指導者の父にとっても、苦しい時期だった。
「大人としては、家に帰ったら普通に接すればいいじゃないかと思うんですが、10代の人間にとって、学校と家での態度を切りかえるという器用なことは無理なんですね」
健太にとって、父親である監督に肯定されない日々はあまりにつらく、インターハイで優勝してフェンシングをやめようと思っていた。だが、3年生の時に出場した長崎のインターハイでは、団体は決勝、個人戦は準決勝で敗れた。目の前に立ちはだかったのは、またもや京都・平安高の太田雄貴だった。
高校最後の試合が終わった夜、もう時間も遅くなってから携帯が鳴った。父からだった。
「ふたりだけで、ちゃんぽん食いに行くぞ」
健太は、その時の父の言葉を一言一句、いまも記憶している。
「父は『今までごめんな』と話し始めました。お前を厳しく指導しないことには、他の生徒も納得しないと思っていた。だからもう、これからはお前の好きなようにしていい、と」
北京五輪出場を果たすまでに長足の進歩を遂げた大学時代。
健太は泣きそうになりながら、必死にこらえた。太田に敗れた悔しさも手伝って、大学でフェンシングを続けようと気持ちに変化が起きた。
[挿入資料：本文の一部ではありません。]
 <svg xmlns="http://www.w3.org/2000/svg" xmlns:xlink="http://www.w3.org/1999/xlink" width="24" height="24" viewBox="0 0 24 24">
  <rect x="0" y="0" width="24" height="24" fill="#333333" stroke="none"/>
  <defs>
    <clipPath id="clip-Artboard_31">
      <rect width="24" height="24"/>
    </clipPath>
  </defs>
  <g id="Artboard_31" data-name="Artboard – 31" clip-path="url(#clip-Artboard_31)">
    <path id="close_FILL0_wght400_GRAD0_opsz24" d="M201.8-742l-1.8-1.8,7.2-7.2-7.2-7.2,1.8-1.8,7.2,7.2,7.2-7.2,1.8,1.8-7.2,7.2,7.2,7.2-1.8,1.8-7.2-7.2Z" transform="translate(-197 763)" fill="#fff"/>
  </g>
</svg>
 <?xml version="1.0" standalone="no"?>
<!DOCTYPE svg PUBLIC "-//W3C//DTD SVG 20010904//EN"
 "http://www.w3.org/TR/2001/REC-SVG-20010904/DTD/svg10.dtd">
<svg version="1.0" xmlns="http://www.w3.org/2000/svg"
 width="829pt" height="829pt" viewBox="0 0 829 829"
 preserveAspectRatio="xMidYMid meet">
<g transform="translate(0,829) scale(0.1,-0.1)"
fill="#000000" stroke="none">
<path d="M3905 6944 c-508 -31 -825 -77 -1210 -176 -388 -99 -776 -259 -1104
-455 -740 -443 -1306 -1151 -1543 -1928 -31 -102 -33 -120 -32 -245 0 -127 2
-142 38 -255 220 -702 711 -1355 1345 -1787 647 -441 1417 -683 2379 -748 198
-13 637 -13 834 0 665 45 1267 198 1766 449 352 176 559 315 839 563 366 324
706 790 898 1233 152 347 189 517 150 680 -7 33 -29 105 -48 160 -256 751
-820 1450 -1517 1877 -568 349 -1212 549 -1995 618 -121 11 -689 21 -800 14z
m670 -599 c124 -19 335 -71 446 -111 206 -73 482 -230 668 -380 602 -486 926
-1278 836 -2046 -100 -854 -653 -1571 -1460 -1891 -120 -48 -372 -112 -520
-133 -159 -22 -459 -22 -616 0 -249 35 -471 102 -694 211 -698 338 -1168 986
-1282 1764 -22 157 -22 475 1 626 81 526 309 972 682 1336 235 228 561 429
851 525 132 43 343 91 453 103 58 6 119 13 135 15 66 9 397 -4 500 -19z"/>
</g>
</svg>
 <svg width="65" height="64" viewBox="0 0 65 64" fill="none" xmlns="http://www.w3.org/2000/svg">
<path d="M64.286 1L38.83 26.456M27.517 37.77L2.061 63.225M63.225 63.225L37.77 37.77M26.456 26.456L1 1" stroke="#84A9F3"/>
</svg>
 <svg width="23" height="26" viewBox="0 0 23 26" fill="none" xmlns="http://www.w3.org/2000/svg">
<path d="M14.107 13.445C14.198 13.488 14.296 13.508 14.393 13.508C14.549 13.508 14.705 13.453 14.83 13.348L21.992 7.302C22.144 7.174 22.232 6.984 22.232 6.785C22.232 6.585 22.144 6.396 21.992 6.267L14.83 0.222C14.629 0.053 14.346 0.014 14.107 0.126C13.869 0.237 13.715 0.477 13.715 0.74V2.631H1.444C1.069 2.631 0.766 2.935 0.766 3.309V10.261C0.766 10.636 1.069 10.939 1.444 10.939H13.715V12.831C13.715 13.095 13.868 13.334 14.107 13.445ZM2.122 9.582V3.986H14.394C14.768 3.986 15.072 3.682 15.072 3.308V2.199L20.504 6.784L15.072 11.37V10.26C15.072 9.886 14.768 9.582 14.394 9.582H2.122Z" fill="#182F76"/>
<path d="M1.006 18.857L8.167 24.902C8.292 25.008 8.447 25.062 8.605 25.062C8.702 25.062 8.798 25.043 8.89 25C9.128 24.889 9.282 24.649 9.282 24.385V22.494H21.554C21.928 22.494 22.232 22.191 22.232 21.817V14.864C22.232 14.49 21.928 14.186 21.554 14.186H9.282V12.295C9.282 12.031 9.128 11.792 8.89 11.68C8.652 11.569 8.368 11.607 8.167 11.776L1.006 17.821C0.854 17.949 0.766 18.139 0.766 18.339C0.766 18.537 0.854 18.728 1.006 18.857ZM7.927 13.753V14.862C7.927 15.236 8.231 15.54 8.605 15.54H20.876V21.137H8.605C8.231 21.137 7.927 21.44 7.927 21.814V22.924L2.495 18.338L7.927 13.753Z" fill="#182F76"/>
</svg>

この夜のことを、父は正確には記憶していない。それでも、思い当たる節はある。
「きっと、謝罪したんじゃないでしょうか」
コーチと選手が父と子に戻った瞬間だった。
健太が長足の進歩を遂げたのは、父の母校でもある中央大の2年生になってからだ。
「その頃は、八王子で中大の練習が終わってから、1時間半かけて西が丘の国立スポーツ科学センターに通って練習しました。ずっとそんな生活を続けていたら、どんどん実力がついて、2年の秋に関東インカレで優勝して、シニアのワールドカップとグランプリでも3位。一気にナショナルチームに入れました」
そして23歳で北京オリンピック出場を果たす。だが、ベスト16で金メダルを獲得したドイツのクライブリンクに敗れ、不完全燃焼に終わる。北京の後、親友の言葉もあって、「もうメダルしかない」と思うようになったが、同時にケガも多くなった。ロンドンの出場権を獲得した後も、体調は万全ではなく、本番で一発勝負をかけるつもりでいた。